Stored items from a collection
——

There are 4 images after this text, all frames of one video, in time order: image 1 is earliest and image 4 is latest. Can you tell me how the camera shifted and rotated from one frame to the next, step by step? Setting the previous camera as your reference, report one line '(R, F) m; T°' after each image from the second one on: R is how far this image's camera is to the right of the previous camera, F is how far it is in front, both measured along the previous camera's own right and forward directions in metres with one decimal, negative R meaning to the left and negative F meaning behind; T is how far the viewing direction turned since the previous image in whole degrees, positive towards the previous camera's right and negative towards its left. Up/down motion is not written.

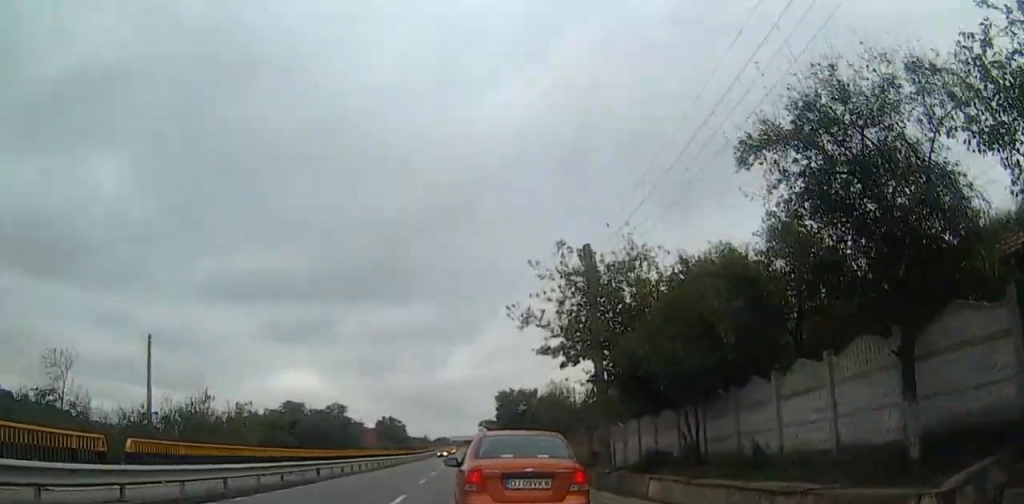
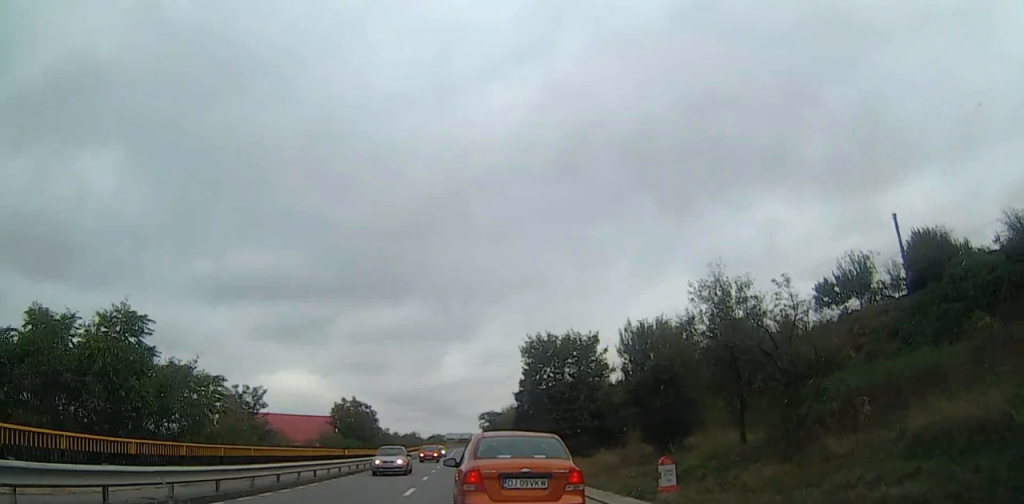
(+2.6, +32.7) m; +4°
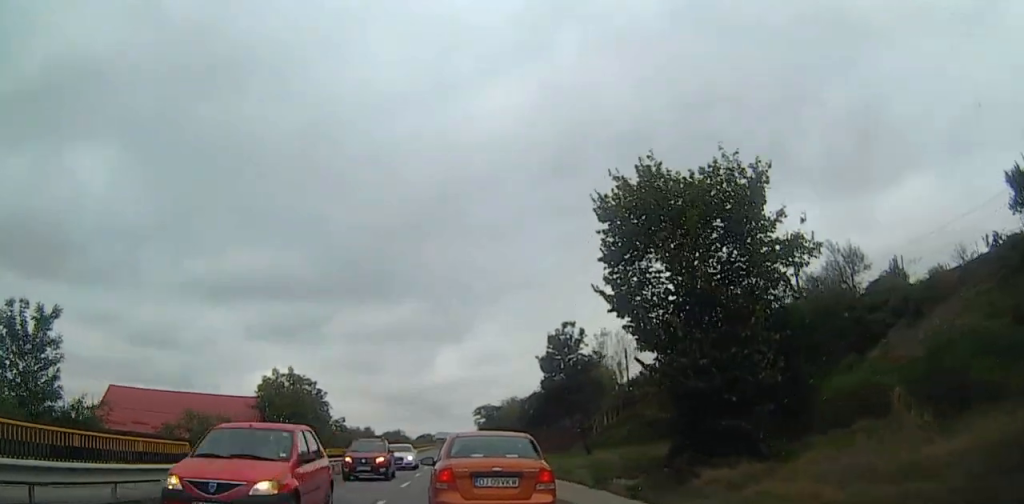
(+0.4, +23.3) m; 0°
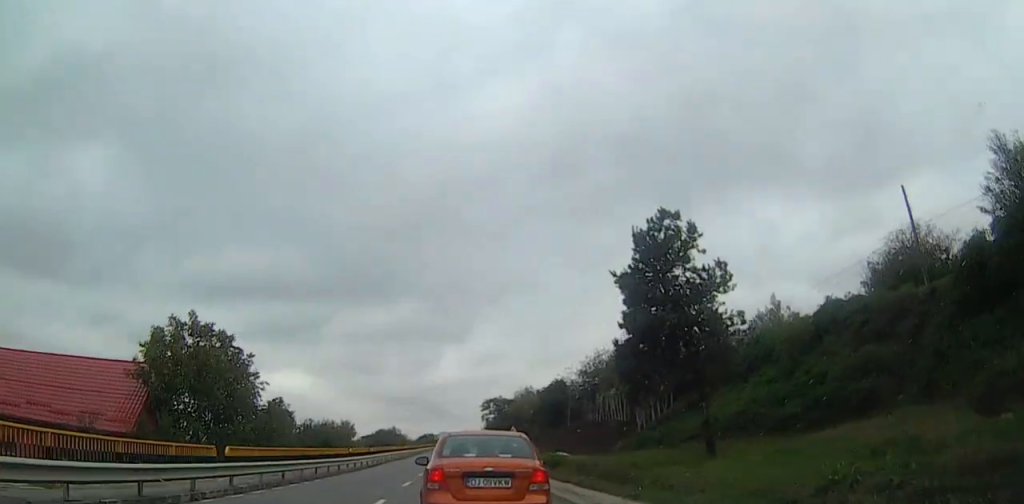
(-0.6, +17.2) m; +2°
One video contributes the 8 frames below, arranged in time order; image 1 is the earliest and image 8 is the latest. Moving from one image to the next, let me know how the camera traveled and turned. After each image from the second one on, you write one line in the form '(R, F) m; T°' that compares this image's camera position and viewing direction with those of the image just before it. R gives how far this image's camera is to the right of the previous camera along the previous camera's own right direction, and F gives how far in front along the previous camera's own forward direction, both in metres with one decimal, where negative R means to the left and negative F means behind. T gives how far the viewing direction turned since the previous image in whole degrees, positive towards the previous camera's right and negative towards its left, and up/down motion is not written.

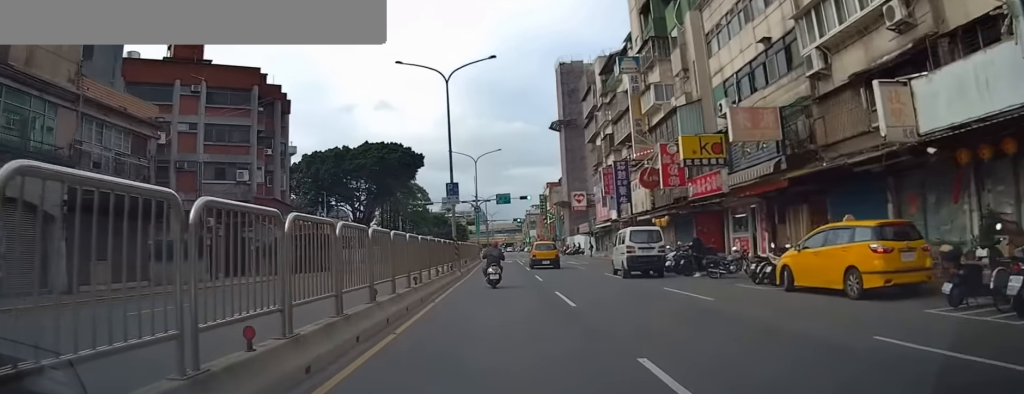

——

Your output should be the records above, duplicated exactly and picture-free.

There are 4 images after this text, all frames of one video, in time order: image 1 is earliest and image 4 is latest. Can you tell me how the camera shifted and rotated from one frame to the next, step by step? Setting the previous camera as your reference, report one line '(R, F) m; T°' after each image from the second one on: R is how far this image's camera is to the right of the previous camera, F is how far it is in front, both measured along the previous camera's own right and forward directions in metres with one decimal, negative R meaning to the left and negative F meaning behind; T is how far the viewing direction turned since the previous image in whole degrees, positive towards the previous camera's right and negative towards its left. Up/down motion is not written.

(+2.6, +32.7) m; +4°
(+0.4, +23.3) m; 0°
(-0.6, +17.2) m; +2°
One video contributes the 8 frames below, arranged in time order; image 1 is the earliest and image 8 is the latest. Moving from one image to the next, let me know how the camera traveled and turned. After each image from the second one on, you write one line in the form '(R, F) m; T°' that compares this image's camera position and viewing direction with those of the image just before it. R gives how far this image's camera is to the right of the previous camera along the previous camera's own right direction, and F gives how far in front along the previous camera's own forward direction, both in metres with one decimal, where negative R means to the left and negative F means behind. T gives how far the viewing direction turned since the previous image in whole degrees, positive towards the previous camera's right and negative towards its left, and up/down motion is not written.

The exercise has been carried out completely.